* **DATA PROVIDED**:
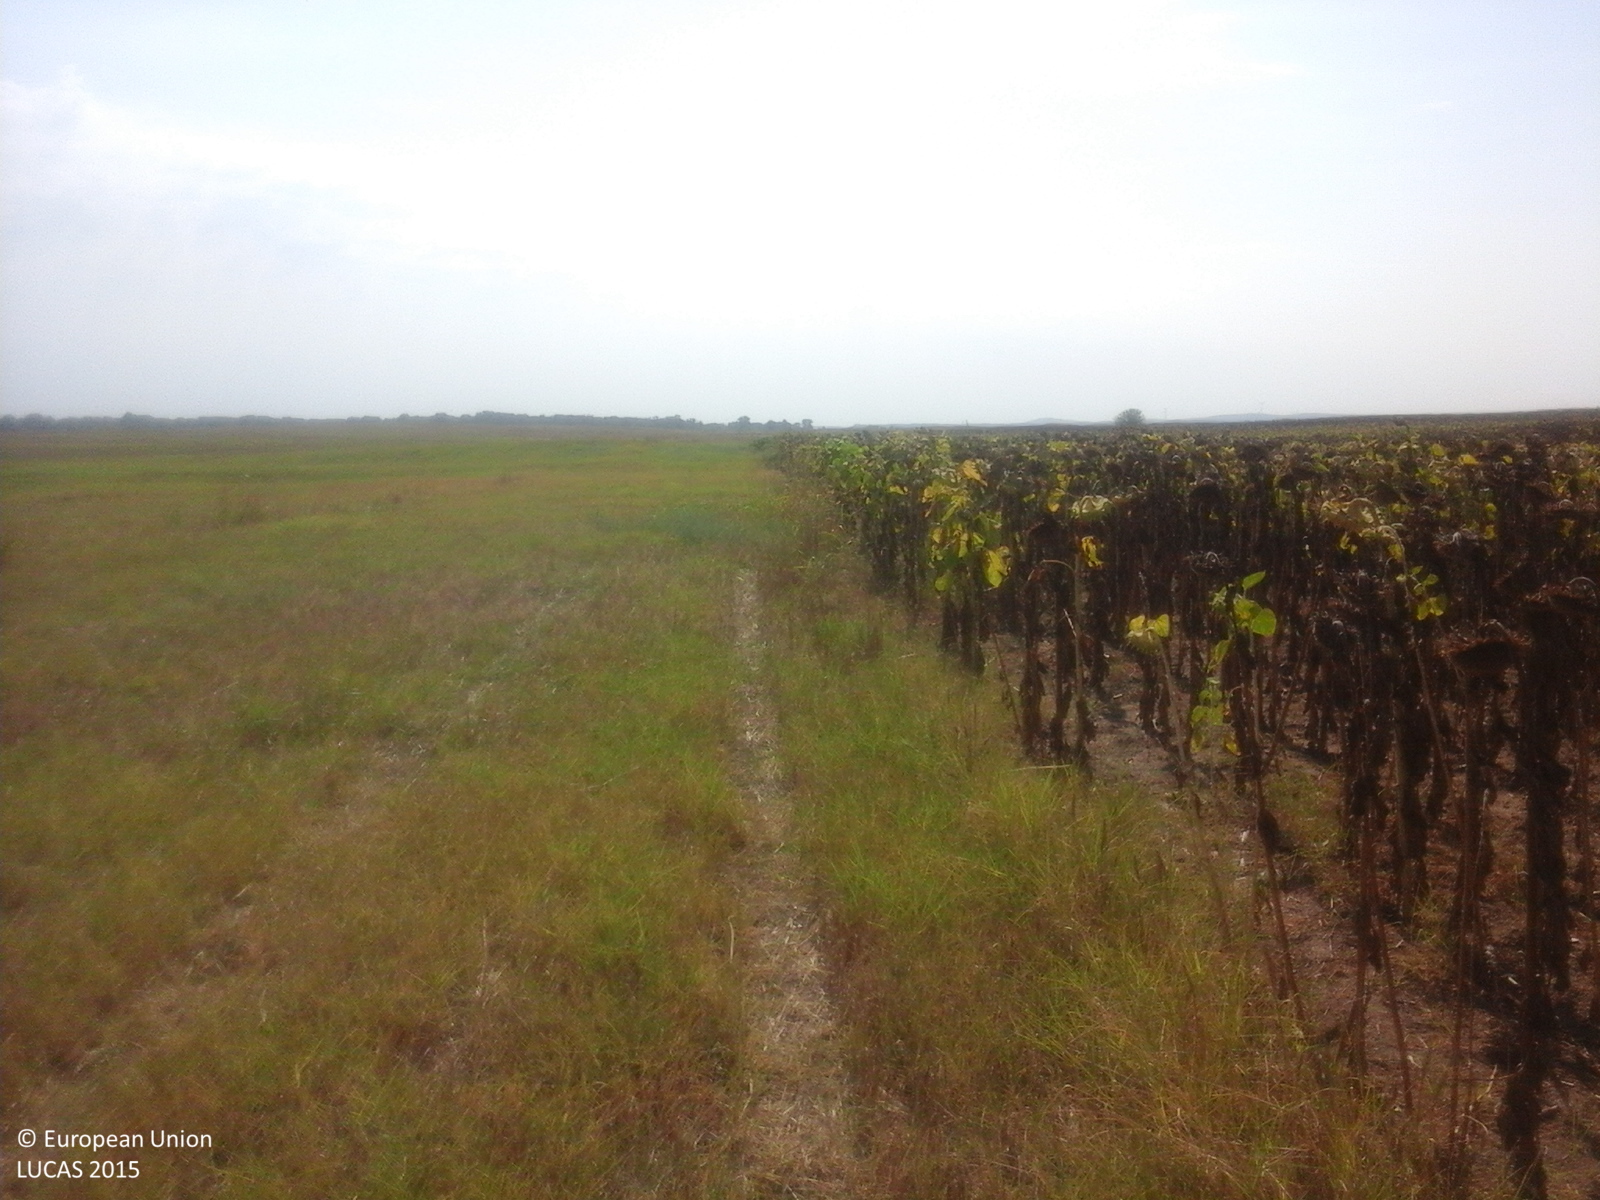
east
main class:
--
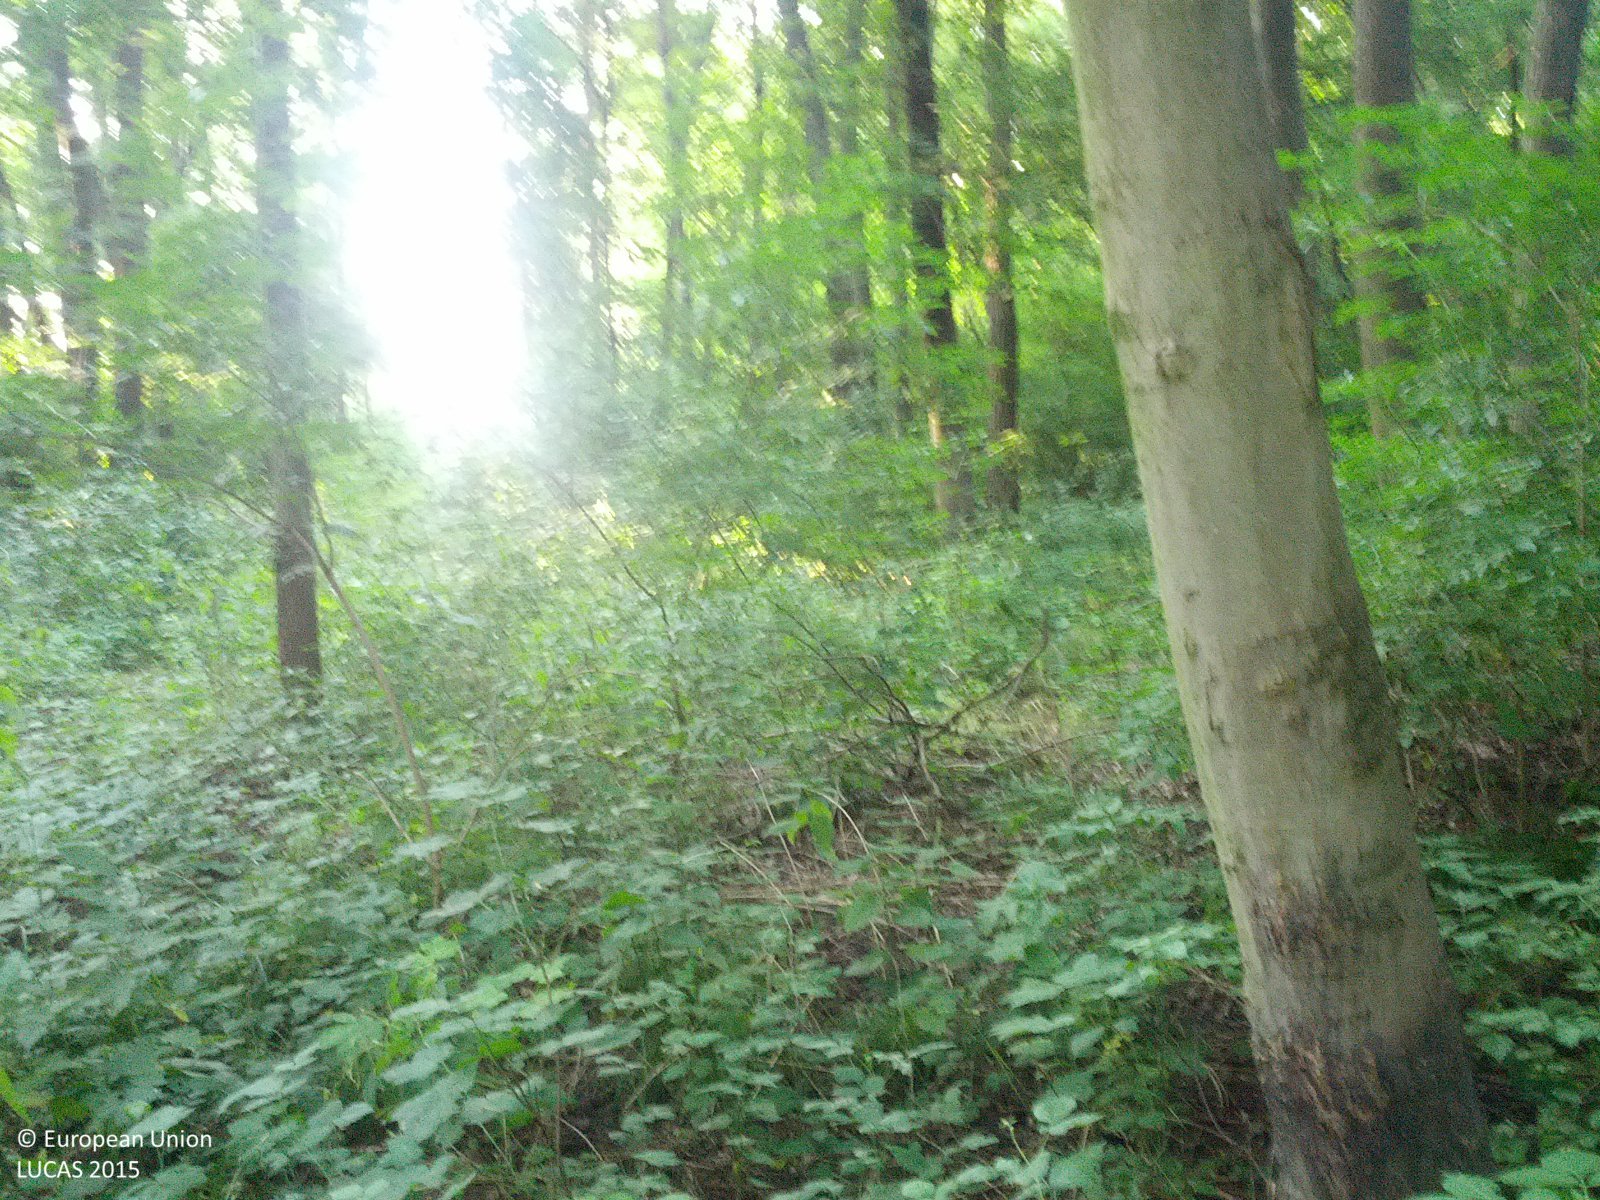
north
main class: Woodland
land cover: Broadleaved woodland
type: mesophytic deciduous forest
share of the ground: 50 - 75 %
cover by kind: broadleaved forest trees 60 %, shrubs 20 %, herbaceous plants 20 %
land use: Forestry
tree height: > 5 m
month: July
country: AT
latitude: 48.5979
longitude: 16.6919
* * *
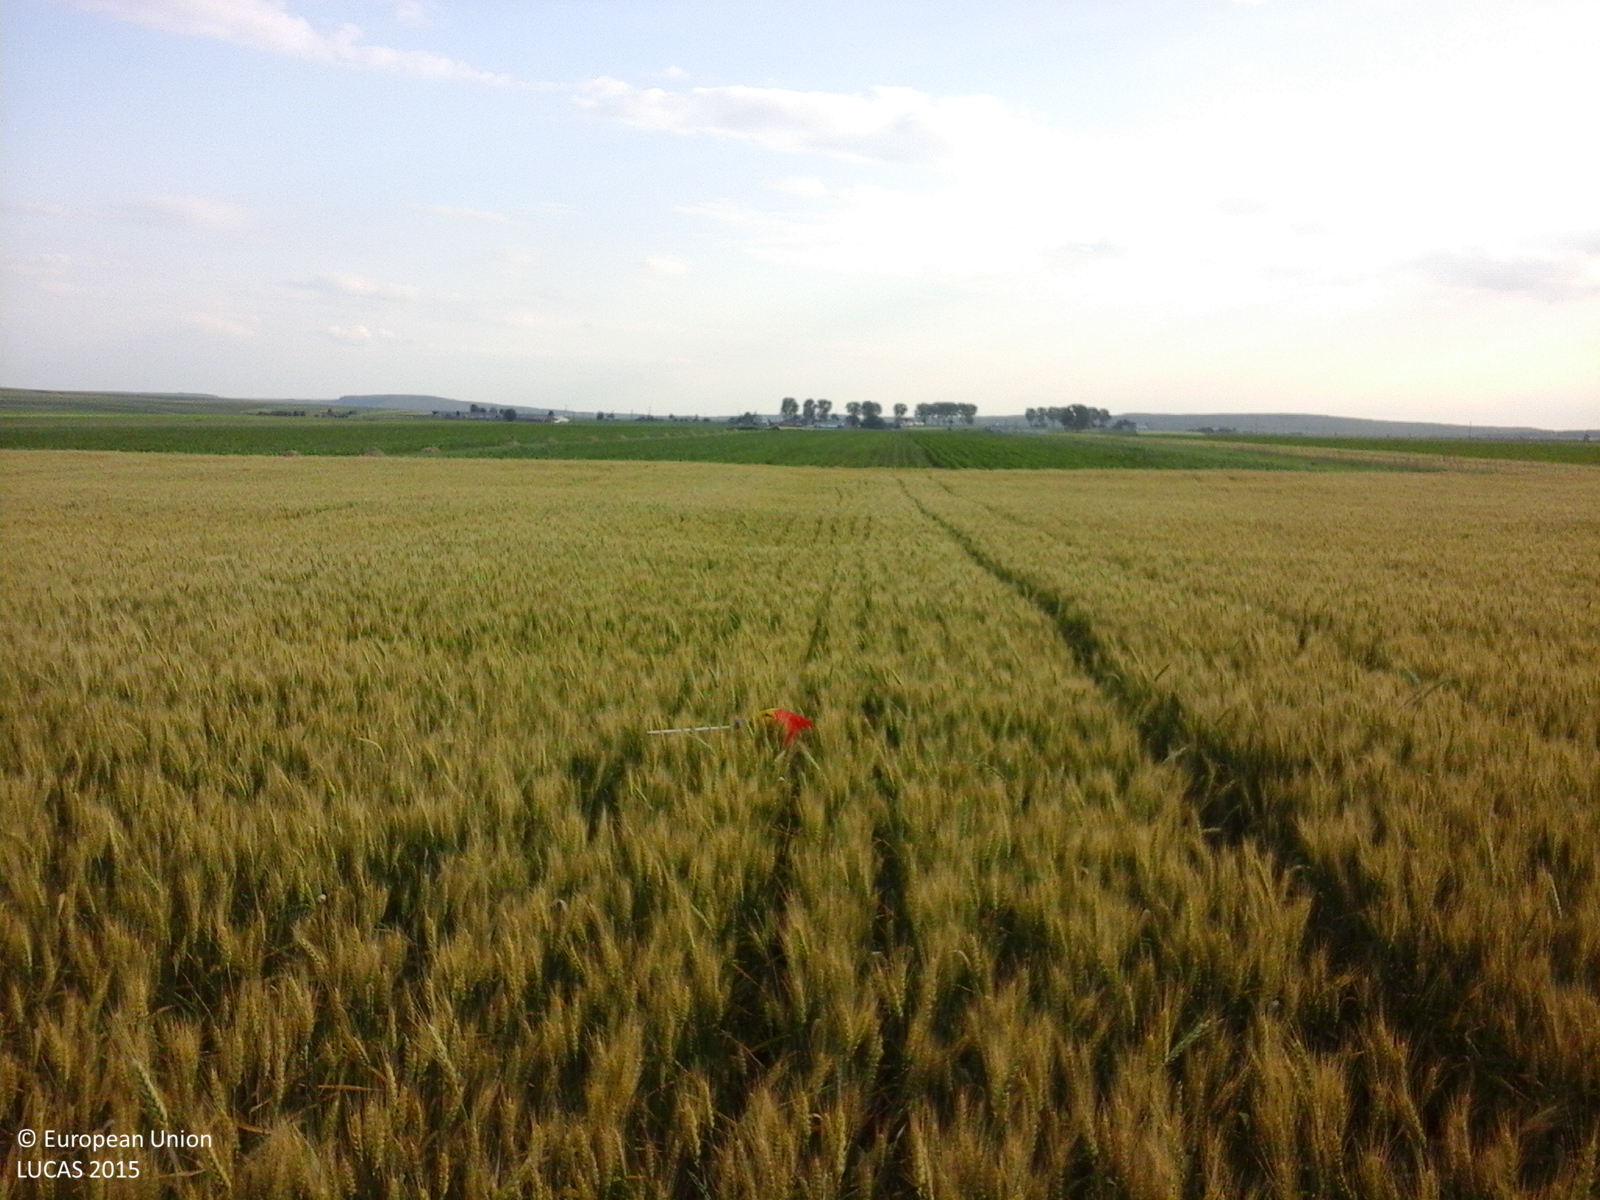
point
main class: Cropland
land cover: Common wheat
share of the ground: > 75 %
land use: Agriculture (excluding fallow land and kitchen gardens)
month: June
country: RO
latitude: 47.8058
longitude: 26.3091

* **GOAL OF THE EXERCISE**: Nothing should appear in the answer except the lines above from the line with "share of the ground: > 75 %" through the line with "longitude: 26.3091", both included, written out exactly.

* **TASK SOLUTION**:
share of the ground: > 75 %
land use: Agriculture (excluding fallow land and kitchen gardens)
month: June
country: RO
latitude: 47.8058
longitude: 26.3091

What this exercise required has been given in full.